Repeat anything enough times and it becomes meaningless. The repeated use of the word “tomorrow” in the first line foreshadows the conclusion of the famous soliloquy whereby Macbeth, upon learning of the death of his wife, searches the entirety of the temporal universe (from “all our yesterdays” right through to “the last syllable of recorded time”) for life’s significance and finds nothing. Years later, Andy Warhol echoed this theme by demonstrating that any image, however familiar or iconic, can too be made meaningless through endless repetition.
Many people struggle with the same phenomenon in their data. The effect of a treatment can be tested easily by taking a single set of measurements and analyzing the results using a one-way ANOVA to evaluate the significance of the effect between groups. The problem occurs when these measurements are repeated, complicating the analysis (think drug trials, where subjects are tested daily throughout the length of the trial, or the performance over time of products produced on different machines).
There is a great post on this topic in the JMP support notes titled "Analyzing Repeated Measures Data in JMP Software," in which three approaches are discussed. The purpose of this post is to demystify repeated measures using the univariate split-plot approach.
The example below (Figure 1) consists of three parts, each measured using one of two machines by four operators who recording the result in Y. In this case, there is no time variable at all; the repeated measures component comes from each part being measured a total of four times. Here, we’re trying to answer the question of whether Operator or Machine, or both, have a significant effect on the value of Y.
Figure 1: Table of repeated measures data; three parts made on two machines (6 parts total), each measured repeatedly by four operators.
We can use Standard Least Squares to answer these questions. The way to do that is to construct a model that includes Machine, Operator, and the interaction of Machine and Operator. We can also include Part in the model to ensure any variation due to differences in the parts are accounted for and not included in the other effects. Setting it as a random variable ensures the variation due to part is not treated as specific to these parts in particular but to all parts in general (see Figure 2). In this way, part defines the batches of a split-plot design, with Machine taking the role of the hard-to-change variable.

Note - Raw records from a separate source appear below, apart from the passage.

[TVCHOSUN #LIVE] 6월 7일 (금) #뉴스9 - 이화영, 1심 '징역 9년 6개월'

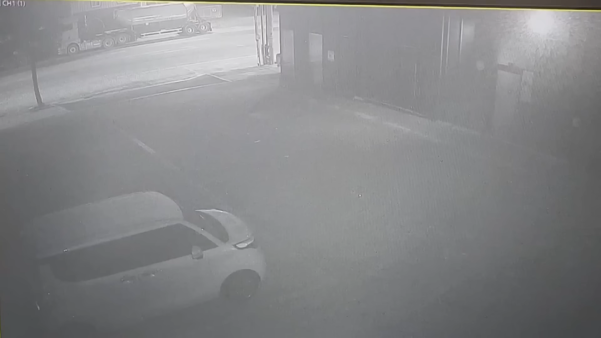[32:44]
도로 한쪽에 불빛이 보이더니 차량 한 대가 쏜살같이 지나가고
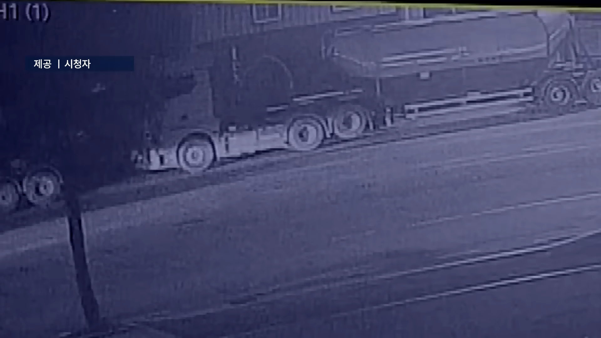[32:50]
다른 차량은 파편을 사방으로 튀며 빙글돌더니 앞부분이 부서진 채 도로 한가운데 멈춰섭니다. 주변에 있던 사람들이 차량 운전자 구조에 나서고 잠시 후 구급차가 도착합니다.
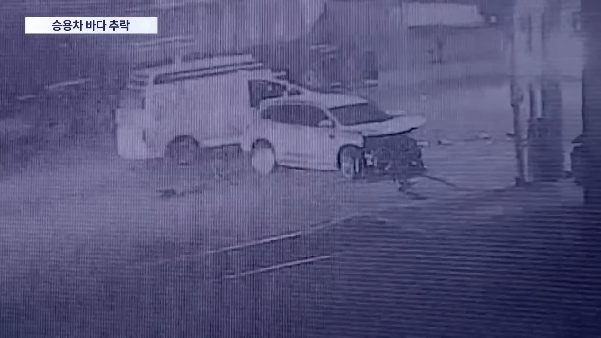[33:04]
오늘 새벽 4시 20분쯤 인천의 한 해안도로에서 발생한 사고 장면입니다.

Figure 2: Fit Model dialog window.
However, this misses a crucial element of the story: The three parts measured using Machine A are not the same parts measured using Machine B. They are simply the ordering of the parts measured on each machine (the first three parts on A, and the first three parts on B). In order to make this clear, it is necessary to nest Part in Machine, as in Figure 3. Setting up the effect in this way ensures the software knows that “parts are different when machine is different.”
Figure 3: Fit Model dialog window, with the random variable Part nested in Machine.
The results from the Effect Summary (Figure 4) indicate that the measurements are significantly different for the different operators, as well as the machines. However, it doesn’t appear to matter which operator uses which machine, as the interaction effect of the two is above the criteria for significance (although we might have them test a few more parts to be sure).
Figure 4: The effects of Operator and Machine on Y are significant (PValue below 0.05), but the interaction between the two is not.
By analyzing your repeated measures data in JMP, you avoid the phenomenon described above and ensure your data is not meaningless.